**TASK**
Write out exactly, please, every line from the beginning of the entries to the line holding "རྣམ་འགྲེལ་ལས། གང་ཞིག་མ་མཐོང་བ་ཙམ་གྱིས། །ལྡོག་པ་རབ་ཏུ་སྟོན་བྱེད་", and no pictures.

**AVAILABLE DATA**
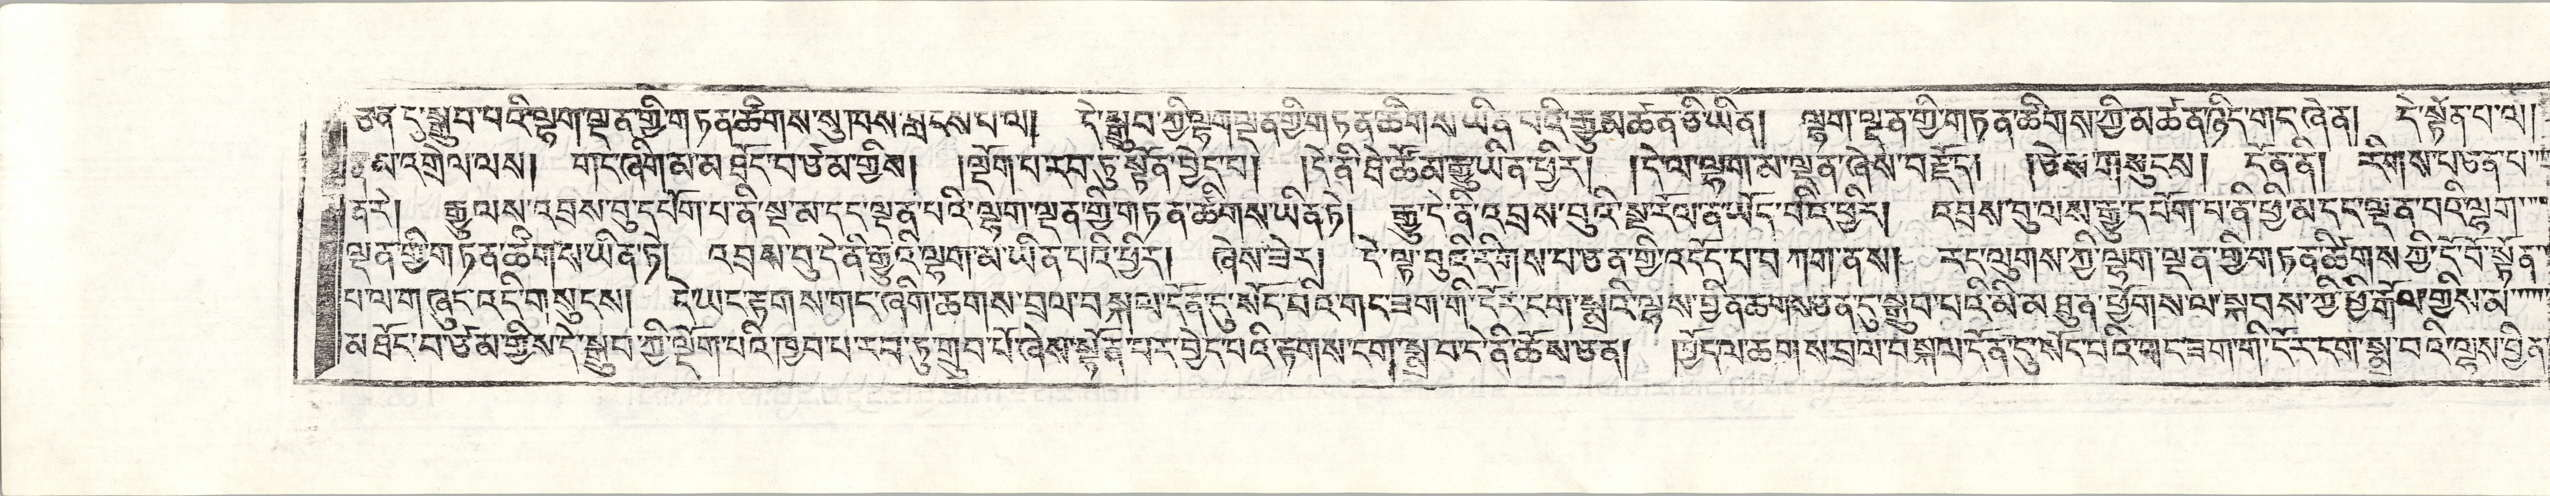ཅན་དུ་སྒྲུབ་པའི་ལྷག་ལྡན་གྱི་གཏན་
ཚིགས་སུ་ཁས་བླངས་པ་ལ། དེ་སྒྲུབ་ཀྱི་ལྷག་ལྡན་གྱི་གཏན་ཚིགས་ཡིན་པའི་རྒྱུ་མཚན་ཅི་ཡིན། ལྷག་ལྡན་གྱི་གཏན་ཚིགས་ཀྱི་མཚན་ཉིད་གང་ཞེ་ན། དེ་སྟོན་པ་ལ། རྣམ་འགྲེལ་ལས། གང་ཞིག་མ་མཐོང་བ་ཙམ་གྱིས། །ལྡོག་པ་རབ་ཏུ་སྟོན་བྱེད་
པ། །དེ་ནི་ཐེ་ཚོམ་རྒྱུ་ཡིན་ཕྱིར། །དེ་ལ་ལྷག་མ་ལྡན་ཞེས་བརྗོད། ཅེས་གསུངས། དོན་ནི། རིགས་པ་ཅན་པ་ན་རེ། རྒྱུ་ལས་འབྲས་བུ་དཔོག་པ་ནི་སྔ་མ་དང་ལྡན་པའི་ལྷག་ལྡན་གྱི་གཏན་ཚིགས་ཡིན་ཏེ། རྒྱུ་དེ་ནི་འབྲས་བུའི་སྔ་རོལ་ན་ཡོད་པའི་ཕྱིར།
འབྲས་བུ་ལས་རྒྱུ་དཔོག་པ་ནི་ཕྱི་མ་དང་ལྡན་པའི་ལྷག་ལྡན་གྱི་གཏན་ཚིགས་ཡིན་ཏེ། འབྲས་བུ་དེ་ནི་རྒྱུའི་ལྷག་མ་ཡིན་པའི་ཕྱིར། ཞེས་ཟེར། དེ་ལྟ་བུའི་རིགས་པ་ཅན་གྱི་འདོད་པ་བཀག་ནས། རང་ལུགས་ཀྱི་ལྷག་ལྡན་གྱི་གཏན་ཚིགས་ཀྱི་ངོ་བོ་སྟོན་
པ་ལ་གཞུང་འདི་གསུངས། དེ་ཡང་རྟགས་གང་ཞིག་ཆགས་བྲལ་བསྐལ་དོན་དུ་སོང་བའི་གང་ཟག་གི་ངོར་ངག་སྨྲའི་ལྷས་བྱིན་ཆགས་ཅན་དུ་སྒྲུབ་པའི་མི་མཐུན་ཕྱོགས་ལ་སྐབས་ཀྱི་ཕྱི་རྒོལ་གྱིས་མ་མཐོང་བ་ཙམ་གྱིས་དེ་སྒྲུབ་ཀྱི་ལྡོག་པའི་ཁྱབ་པ་རབ་ཏུ་༄༅། །གྲུབ་པོ་ཞེས་སྟོན་པར་བྱེད་པའི་རྟགས་ངག་སྨྲ་བ་དེ་ནི་ཆོས་ཅན། ཁྱོད་ལ་ཆགས་བྲལ་བ་བསྐལ་དོན་དུ་སོང་བའི་གང་ཟག་གི་ངོར་ངག་སྨྲ་བའི་ལྷས་བྱིན་
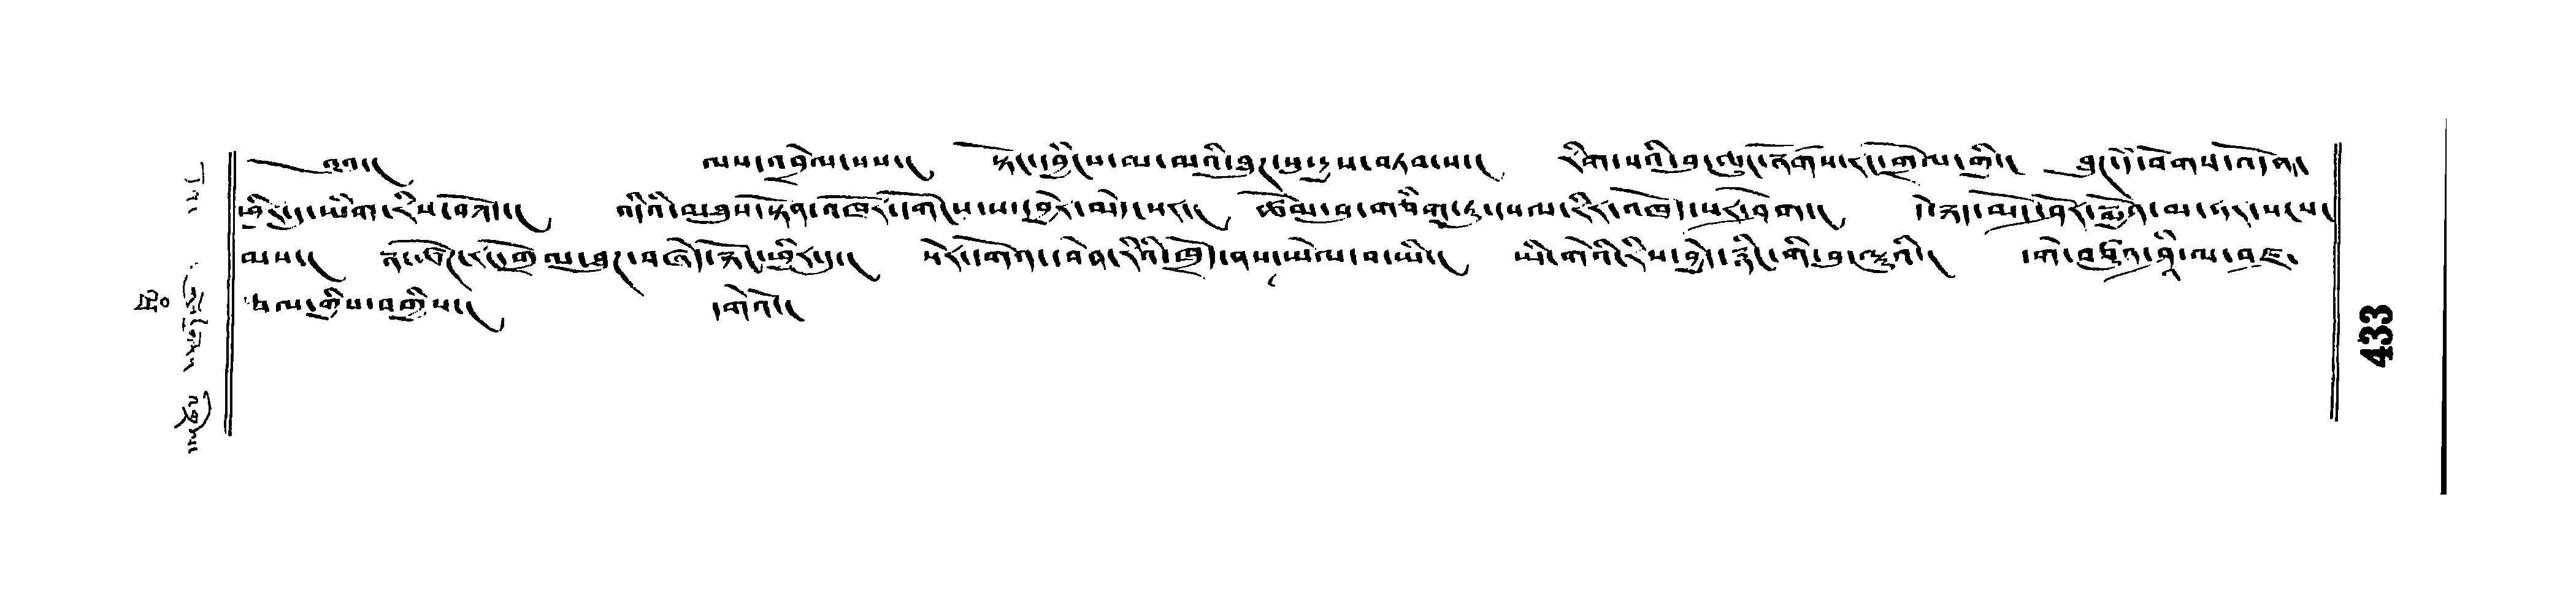ལས་འབྲེལ་པས། །སྟོང་དབྱིངས་མ་མའི་ཐུགས་སུ་རྒྱས་བཏབ་པ། །རིག་པའི་བུ་ཆུང་སྣ་ཙོགས་རང་གྲོལ་གྱི། །ཐུགས་དམ་བོགས་འདོན་
ཕྱིར་དུ་ཡིག་རིས་བཀོད། །འདིའི་མཐུས་སྟོན་འཁོར་དགོངས་པ་དབྱེར་མེད་པར། །ཚོམ་བུ་གཅིག་ཏུ་དཔལ་རིར་འཁོད་པར་ཤོག །དེ་སྐད་མདོ་ཤོར་སྨྱོན་མ་ཧར་སངས་
མས། །སྣ་ཚོགས་རང་གྲོལ་ཐུགས་བཞེད་སྐོང་ཕྱིར་དུ། །སེར་དགོན་དབེན་རིའི་ཁྲོད་ནས་སྤེལ་བ་ཡི། །ཡི་གེའི་རིས་བྱེད་སྙིང་གི་བུ་ལྟ་བུའི། །དགེ་བཙུན་ཤཱི་ལ་བཛྲ་
རྩལ་གྱིས་བགྱིས།། དགེའོ།།

**SOLVED EXERCISE**
ཅན་དུ་སྒྲུབ་པའི་ལྷག་ལྡན་གྱི་གཏན་
ཚིགས་སུ་ཁས་བླངས་པ་ལ། དེ་སྒྲུབ་ཀྱི་ལྷག་ལྡན་གྱི་གཏན་ཚིགས་ཡིན་པའི་རྒྱུ་མཚན་ཅི་ཡིན། ལྷག་ལྡན་གྱི་གཏན་ཚིགས་ཀྱི་མཚན་ཉིད་གང་ཞེ་ན། དེ་སྟོན་པ་ལ། རྣམ་འགྲེལ་ལས། གང་ཞིག་མ་མཐོང་བ་ཙམ་གྱིས། །ལྡོག་པ་རབ་ཏུ་སྟོན་བྱེད་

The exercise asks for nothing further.